In the late 1990s, a number of scholars like me entered the academy looking to bring religion back into the study of politics, and more specifically, the study of international relations. The constructivist turn that came to international relations theory around the turn of the century, arising from the British school of realism, provided a promising entrée. Constructivists accepted that a variety of influences helped to create our notions and ideas about the world, which in turn helped to frame the international system. Religion might count as one of these.
But one can’t help but assume that the attempt to include religion in the study of politics would have been an uphill struggle had it not been for the tragic events of September 11, 2001. Within weeks of the wanton acts of violence that took place on that day, some questioned whether political scientists, among others, had missed a primary motivator. Amidst all the studies of ethnicity and nationalism, of postcolonial resistance movements, of dominant and alternative blocs, there was little reference to the stunning power of ideas in the hands of religious extremists, much less the importance of religion to the construction of local, national, and global institutions.
Over the past decade, political science has noticed religion. Still, there is a lingering tendency to understand religious movements as epiphenomenal. Old habits die hard, and political scientists trained in institutionalism, neo-Marxism, or behaviouralism still want to know how religious movements arise out of the work of the state, of dominant social forces, or as a creation of the media and political entrepreneurs. For many of these social scientists trained to use measurable, cut-and-dried concepts, religion sits uneasily as an independent variable.
Jonathan Chaplin and Robert Joustra’s book is one of the products of a decade of early attempts to “bring religion back in.” Chaplin is director of the Kirby Laing Institute for Christian Ethics, based in Cambridge, and Joustra is a Ph.D. candidate at the University of Bath as well as a staff researcher with Cardus. Their book contributes to a growing literature which demands that political analysts take religion seriously as a motivator and cause of the phenomena that we observe in international politics and foreign policy. Among the contributors are some of the primary advocates of religion in international relations theory—most notably Daniel Philpott and Scott M. Thomas. There are also practitioners and public intellectuals who have been at the forefront of bringing religion to the minds of political decision-makers, such as Paul Marshall, James Skillen, and Thomas F. Farr.

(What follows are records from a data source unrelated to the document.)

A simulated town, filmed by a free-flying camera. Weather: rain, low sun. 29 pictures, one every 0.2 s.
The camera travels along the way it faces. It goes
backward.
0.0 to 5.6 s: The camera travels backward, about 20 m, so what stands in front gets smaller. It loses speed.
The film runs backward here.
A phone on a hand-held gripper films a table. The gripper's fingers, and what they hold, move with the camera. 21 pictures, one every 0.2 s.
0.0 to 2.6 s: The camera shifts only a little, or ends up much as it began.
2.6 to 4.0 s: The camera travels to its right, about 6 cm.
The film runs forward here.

The collection of essays in this volume is eclectic, but all of the contributions coalesce around a few key themes. One is the desire to bring religion into the mainstream of foreign policy analysis and international relations theory. A second is the insistence not only that religion should be included as a topic of significance, but that it is taken seriously. Religious contentions are raised and considered as important causal factors, not simply quaint ideas held by old-fashioned or marginal characters. What is more, if religion is to be taken seriously, then all scholars cannot escape the baggage of their own religious background. Therefore, a third unifying feature is that the collection comes out of a self-consciously Christian worldview, albeit one that welcomes insights from those of other conscious faith traditions or those who are conscious of no faith tradition at all.
The authors lay out an extensive review of the recent literature on religion and politics in the introduction. Their scope is indeed thorough, indicating a deep grounding in contemporary scholarship on the topic. The introduction identifies three general audiences at whom the book is targeted: Christian academics and practitioners, scholars of religion and politics interested in engaging religious perspectives on the topic, and practitioners and scholars from other religious perspectives (2). However, the scholarly tone of the introduction might scare off non-academics, which would be unfortunate, since there is much to commend the book to practitioners in various foreign policy fields.

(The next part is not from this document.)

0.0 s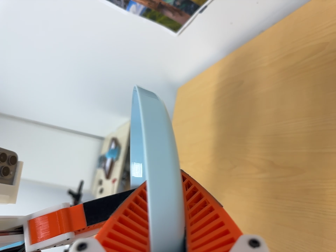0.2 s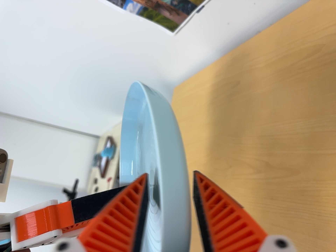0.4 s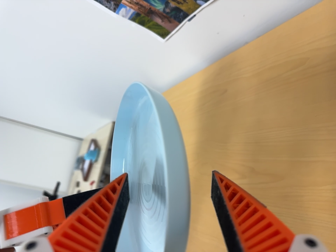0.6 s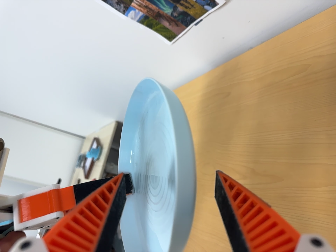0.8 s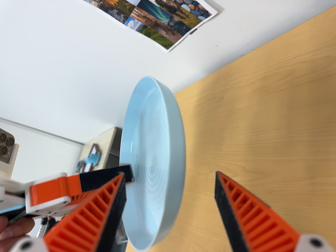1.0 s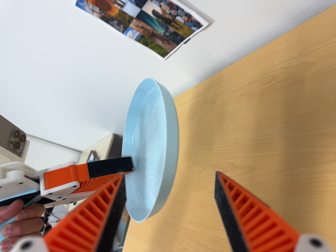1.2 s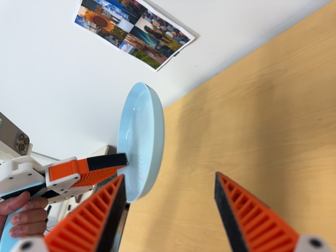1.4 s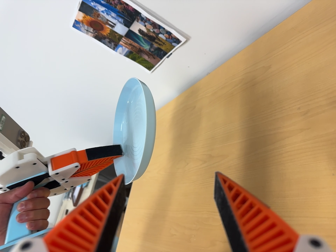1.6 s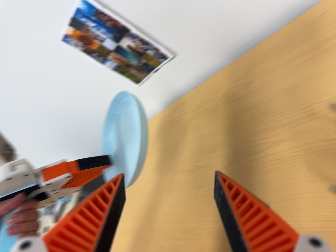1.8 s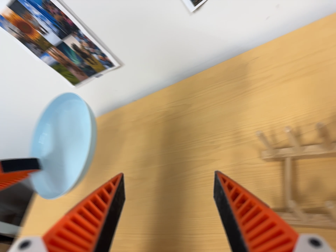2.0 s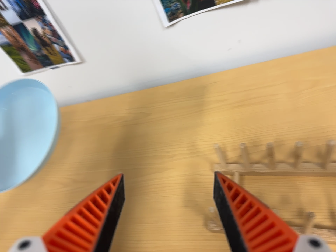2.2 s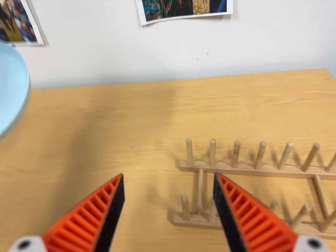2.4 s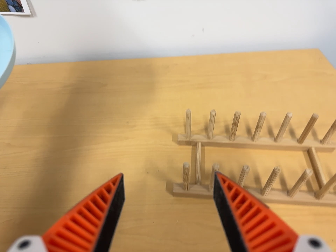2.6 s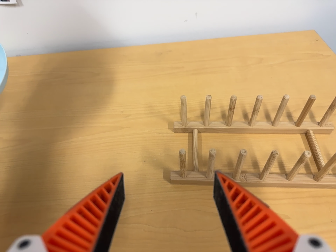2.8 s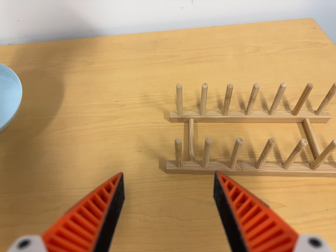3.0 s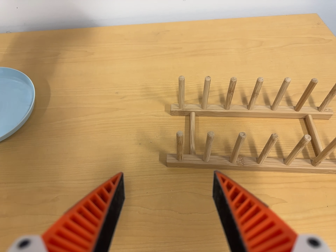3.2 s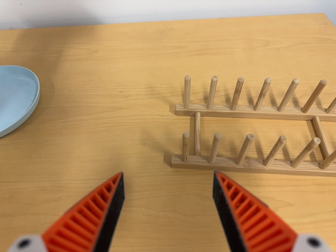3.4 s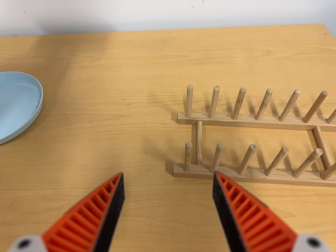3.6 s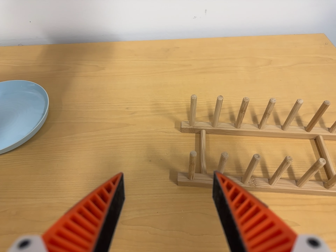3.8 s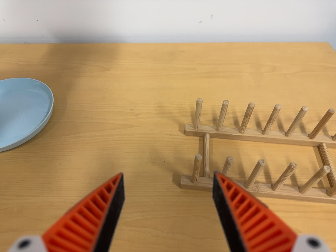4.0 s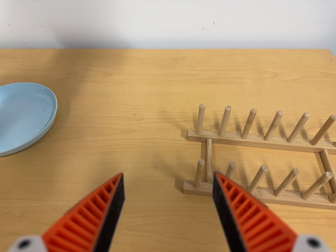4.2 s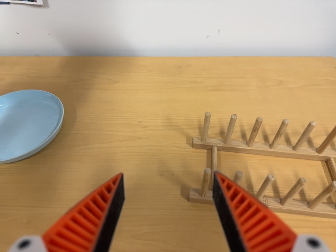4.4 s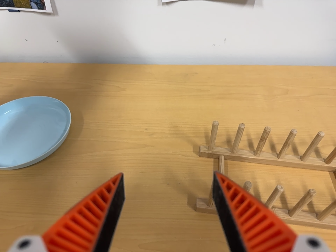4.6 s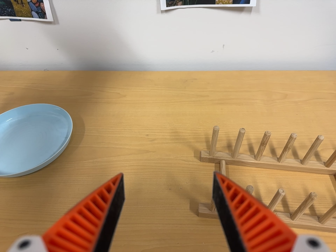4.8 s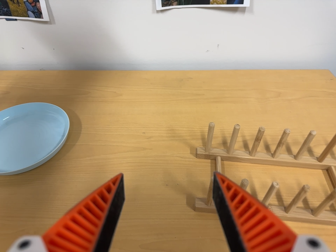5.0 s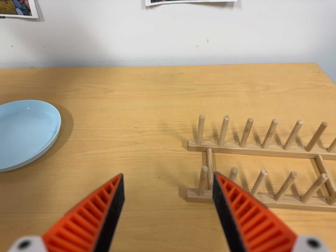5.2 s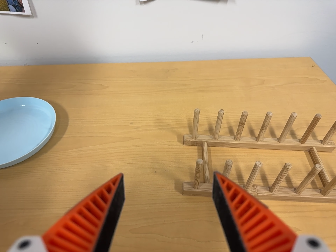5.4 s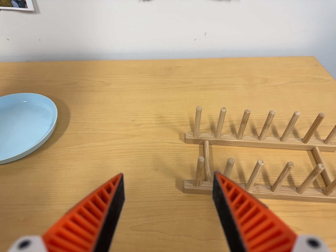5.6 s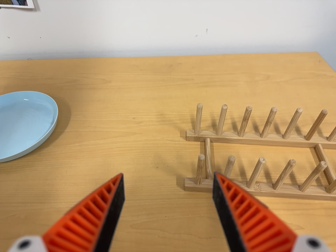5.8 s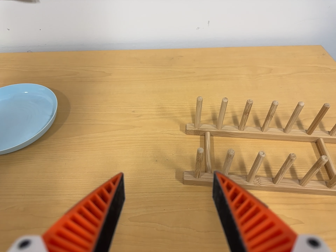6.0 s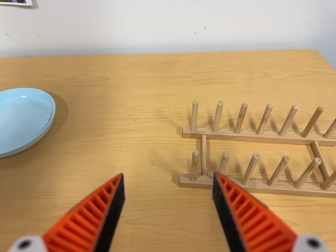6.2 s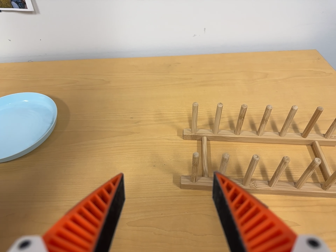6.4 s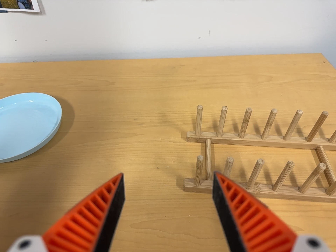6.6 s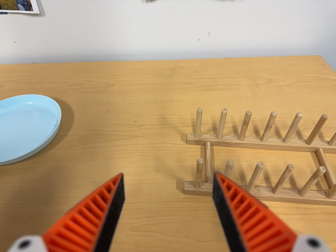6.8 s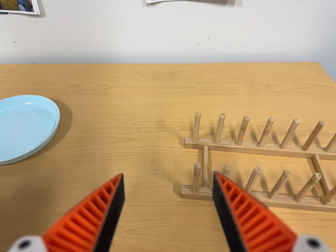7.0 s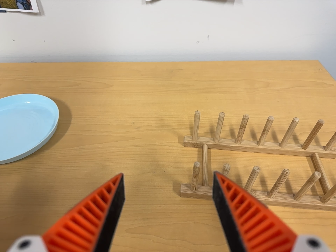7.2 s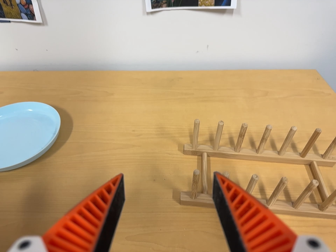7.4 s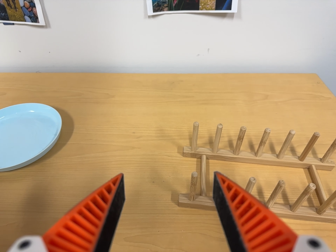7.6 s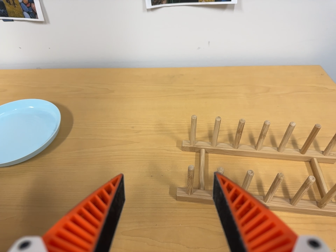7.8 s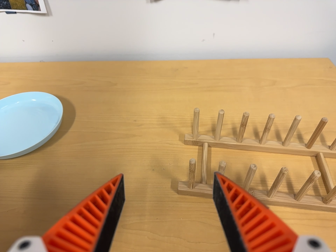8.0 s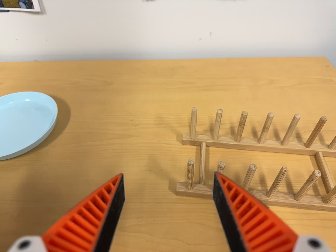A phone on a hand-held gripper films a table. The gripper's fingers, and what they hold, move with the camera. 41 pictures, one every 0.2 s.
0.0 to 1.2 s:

The four chapters in the first section of the book cluster around the theme of “taking religion seriously.” In this case, each of four chapters demands that religion be taken more seriously in the study and practice of U.S. foreign policy. Andrew Preston sketches out the way in which historians of U.S. foreign policy have largely ignored religion as a causal factor. The title of Thomas Farr’s chapter incongruously seeks to “bring religion into international religious freedom policy,” the obviousness of which only serves to underscore the muddy thinking that goes into foreign policy with regard to the subject of religion. Paul Marshall’s article stresses that the actions of contemporary radical Islamists are first rooted in the peculiar jihadist theology held by Osama bin Laden and his coterie. Finally, James W. Skillen articulates three Zionisms that resonate in US foreign policy: one that sees the U.S. as a new Zion, one that sought the political restoration of the Jewish nation to the land of Israel, and one that mobilizes Christian support for the Jewish project.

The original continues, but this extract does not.